Chicago Federal Reserve Bank (Fed) President Austan Goolsbee said that rising expectations for the productivity enhancement potential of artificial intelligence (AI) could increase inflationary pressures.
President Goolsbee stated, "The greater the expectations for future productivity, the more we may need to raise interest rates to prevent overheating."
He warned, "If we face short-term supply shocks due to oil price fluctuations, supply chain disruptions, and other factors, the problem could worsen."
Goolsbee's remarks refute the view that AI could be a deflationary factor, creating room for central banks to cut interest rates.
Earlier, Fed Governor Lisa Cook stated on the 27th (local time) that inflation is moving in the wrong direction, and if this trend continues, she is prepared to raise interest rates.
Governor Cook made these remarks at a Stanford University event that day, saying, "What I want to make clear in my risk assessment is that the upside risks to inflation remain high."

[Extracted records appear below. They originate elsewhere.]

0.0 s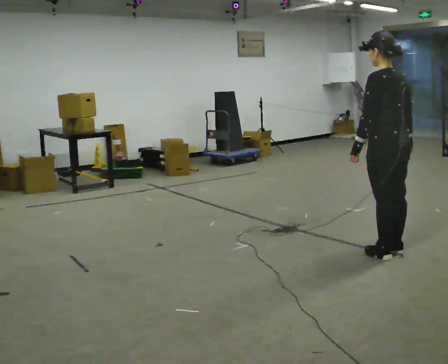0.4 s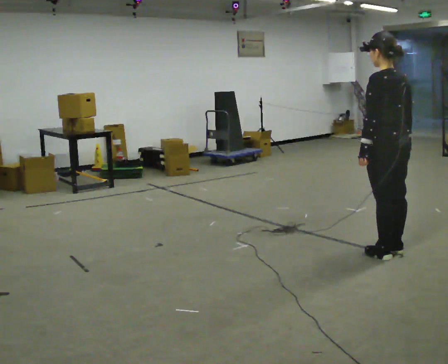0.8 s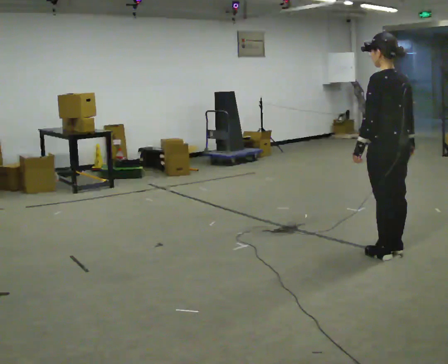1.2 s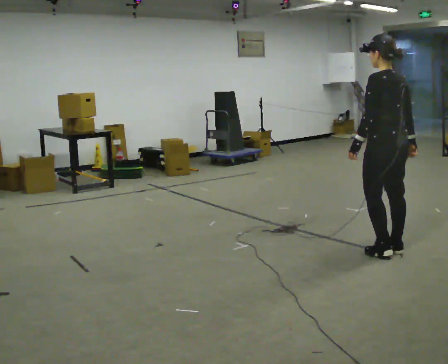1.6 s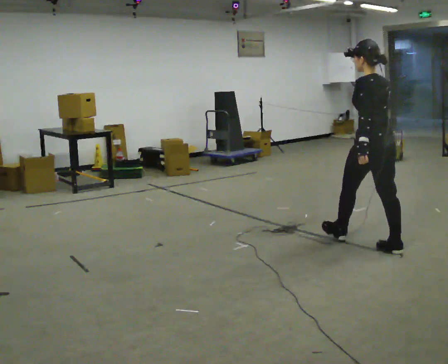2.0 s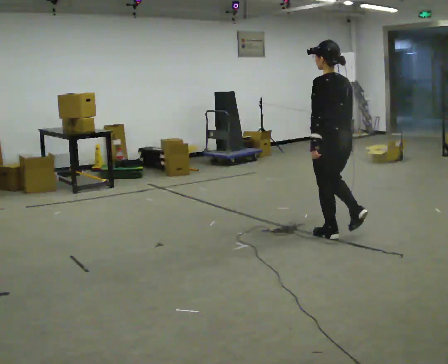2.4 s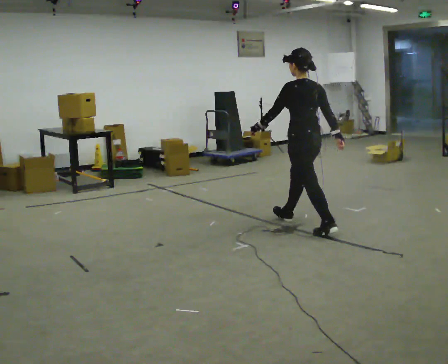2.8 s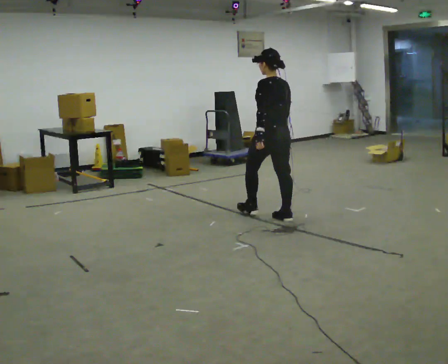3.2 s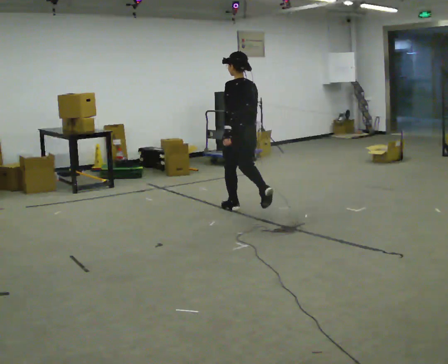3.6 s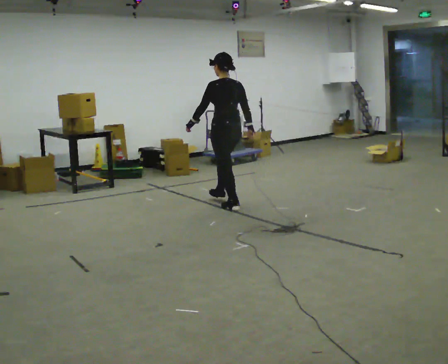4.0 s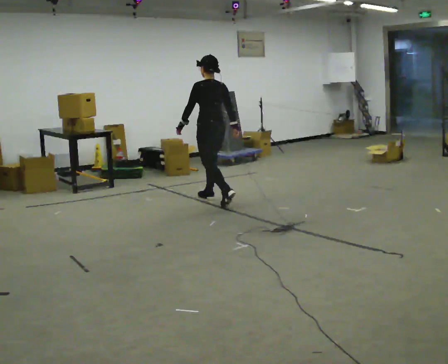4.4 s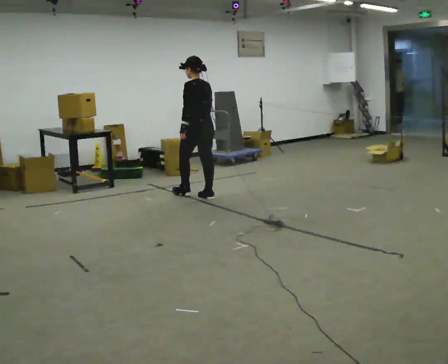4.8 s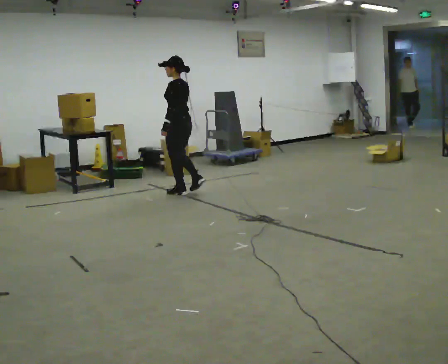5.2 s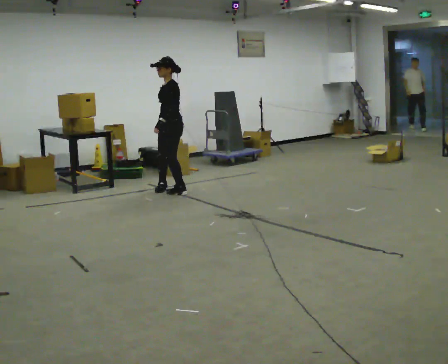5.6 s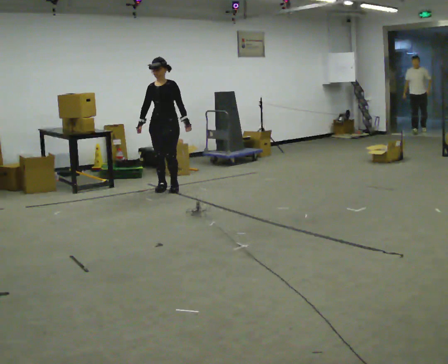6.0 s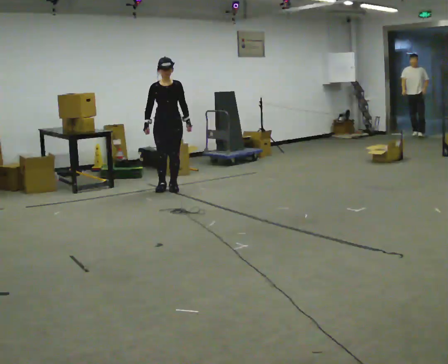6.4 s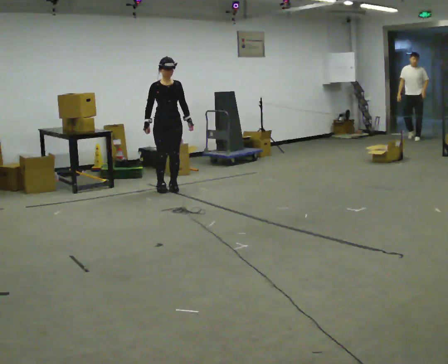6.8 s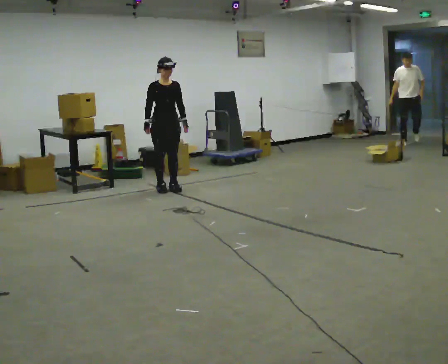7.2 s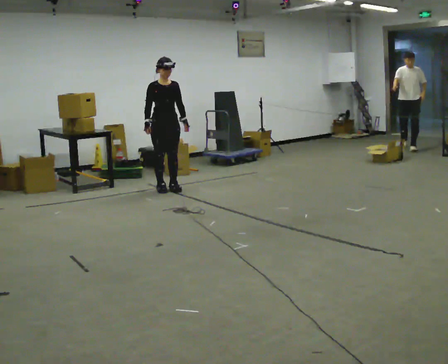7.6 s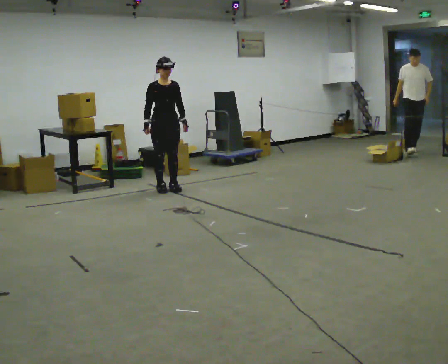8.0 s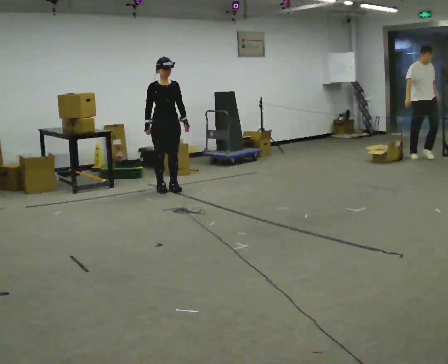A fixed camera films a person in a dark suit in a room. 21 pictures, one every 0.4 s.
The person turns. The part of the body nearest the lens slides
to the right.
The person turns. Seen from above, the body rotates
counterclockwise.
0.0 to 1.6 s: In the picture they go away from the camera, about 0.25 m, which for them is forward.
1.6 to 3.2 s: In the picture they go away from the camera and to the left, about 1.5 m in 3 steps, which for them is forward.
3.2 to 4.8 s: The person turns about 30 degrees to their left, counterclockwise seen from above, so the part of the body nearest the lens slides to the right. In the picture they go away from the camera and to the left, about 1 m in 2 steps, which for them is forward.
4.8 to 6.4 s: The part of the body nearest the lens slides to the right as the person turns to their left by about 135 degrees. In the picture they go away from the camera and to the left, about 0.25 m in 2 steps.
6.4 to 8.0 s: The person moves a little, or ends about where they began.
The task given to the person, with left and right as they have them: Start at normal speed; gradually slow over several steps; stop gently.
The film runs forward here.
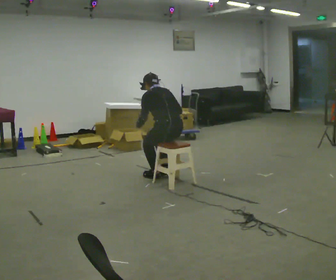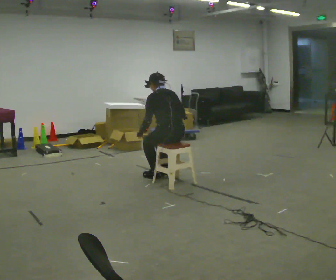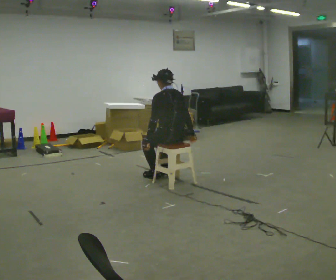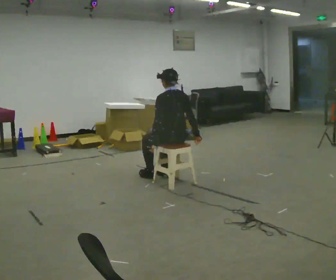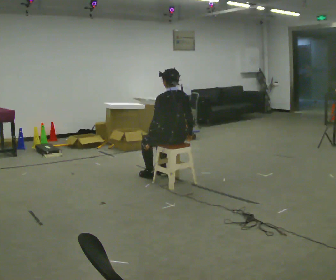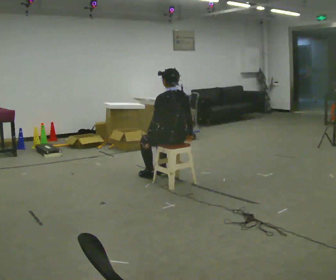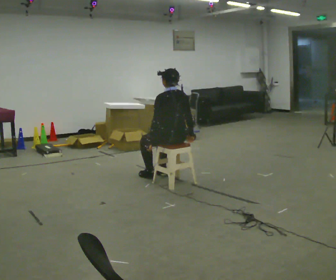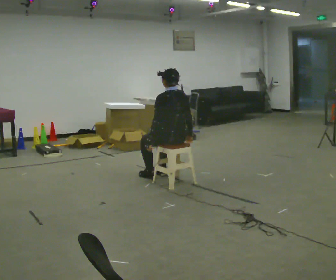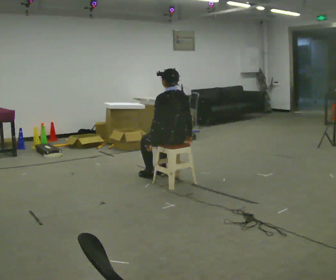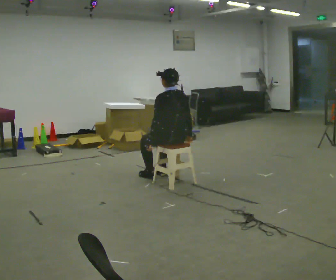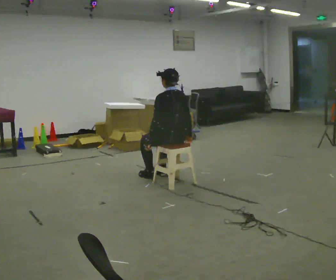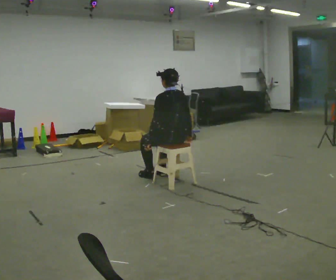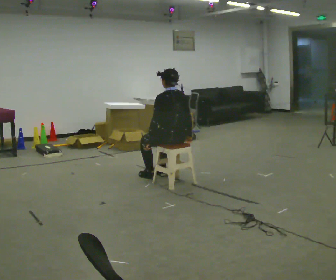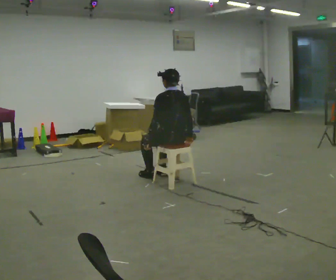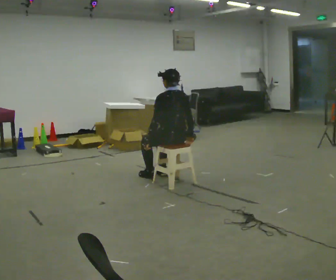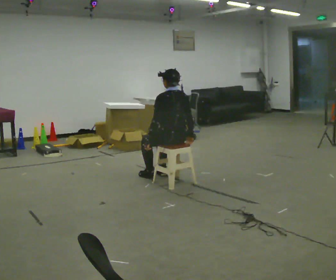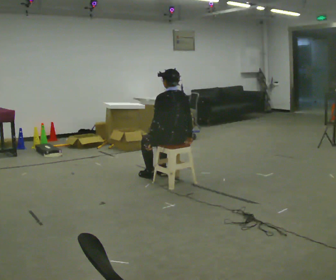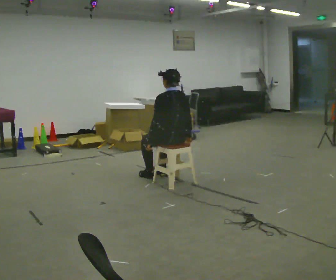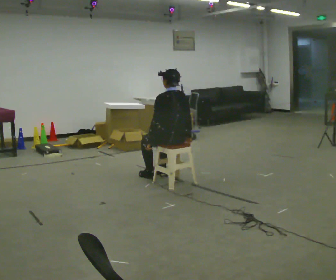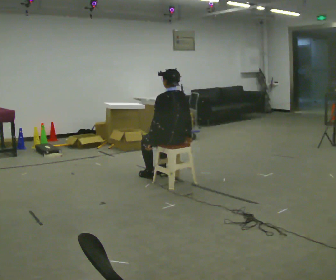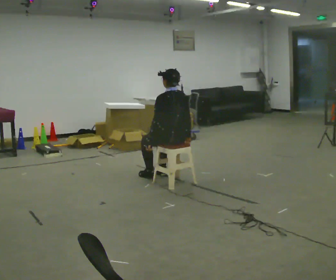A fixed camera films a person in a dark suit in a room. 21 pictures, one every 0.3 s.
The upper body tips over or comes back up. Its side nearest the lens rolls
downward.
0.0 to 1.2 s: The upper body tips toward the camera, its near side rolling downward, as they lean back or straighten.
1.2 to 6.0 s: The person moves a little, or ends about where they began.
The film runs forward here.
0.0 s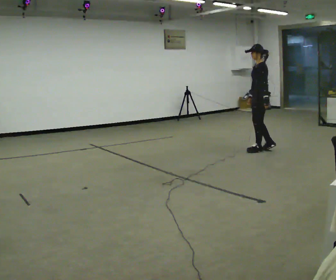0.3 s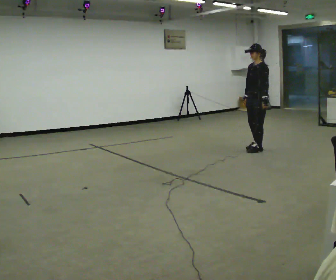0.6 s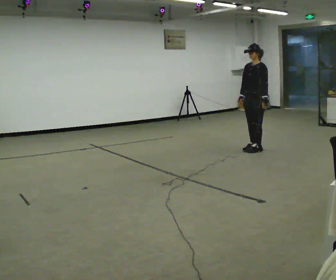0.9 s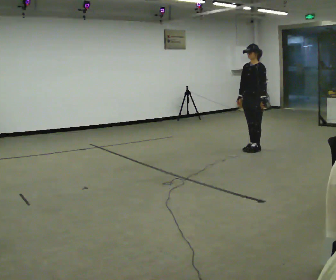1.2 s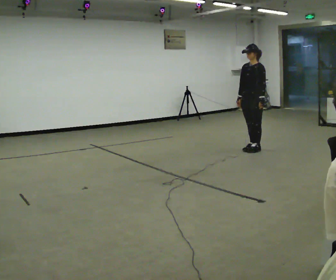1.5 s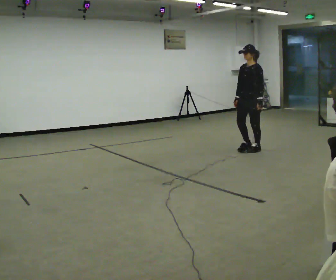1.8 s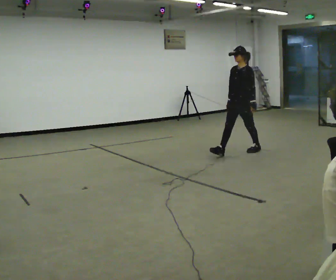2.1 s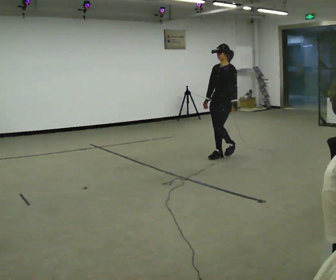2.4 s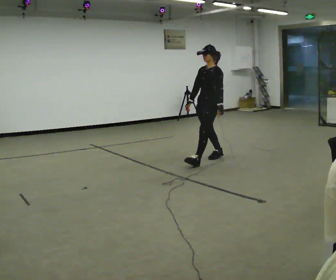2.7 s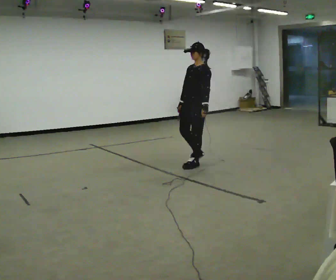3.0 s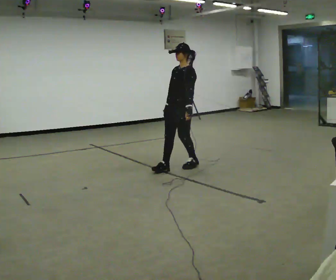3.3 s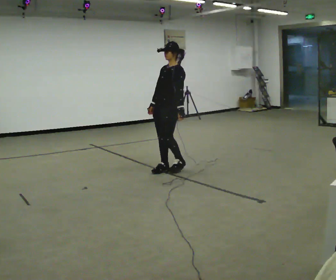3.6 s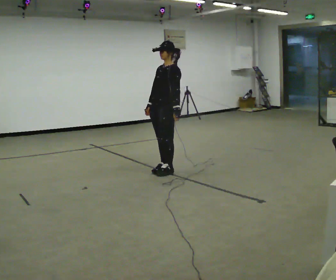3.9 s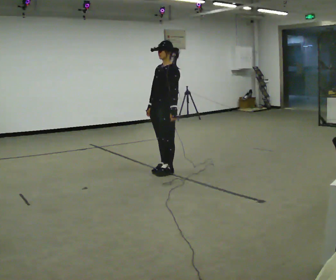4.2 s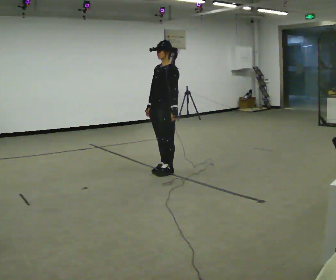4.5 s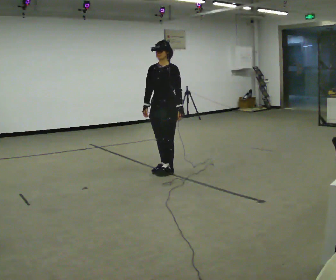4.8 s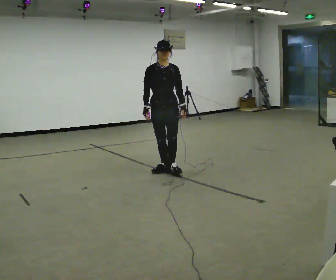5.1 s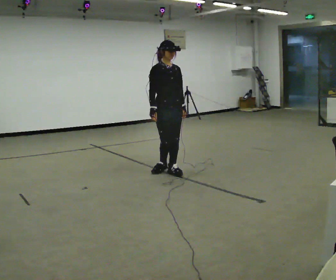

She stated that freezing interest rates for the time being is appropriate and predicted that inflation would slow down again in the coming months.
However, she pointed out that if inflation remains above the Fed's target of 2% for five years, there is a risk that inflationary pressures could become entrenched in price and wage-setting decisions.
She further emphasized, "If the expected disinflation does not materialize in a timely manner, I am prepared to raise interest rates."
Governor Cook also assessed the current U.S. labor market as generally stable, while diagnosing that downside risks to employment have increased.
Along with this, she mentioned that the recent $1.5 trillion AI investment boom, centered on semiconductors and advanced equipment, could be another factor contributing to upward price pressure.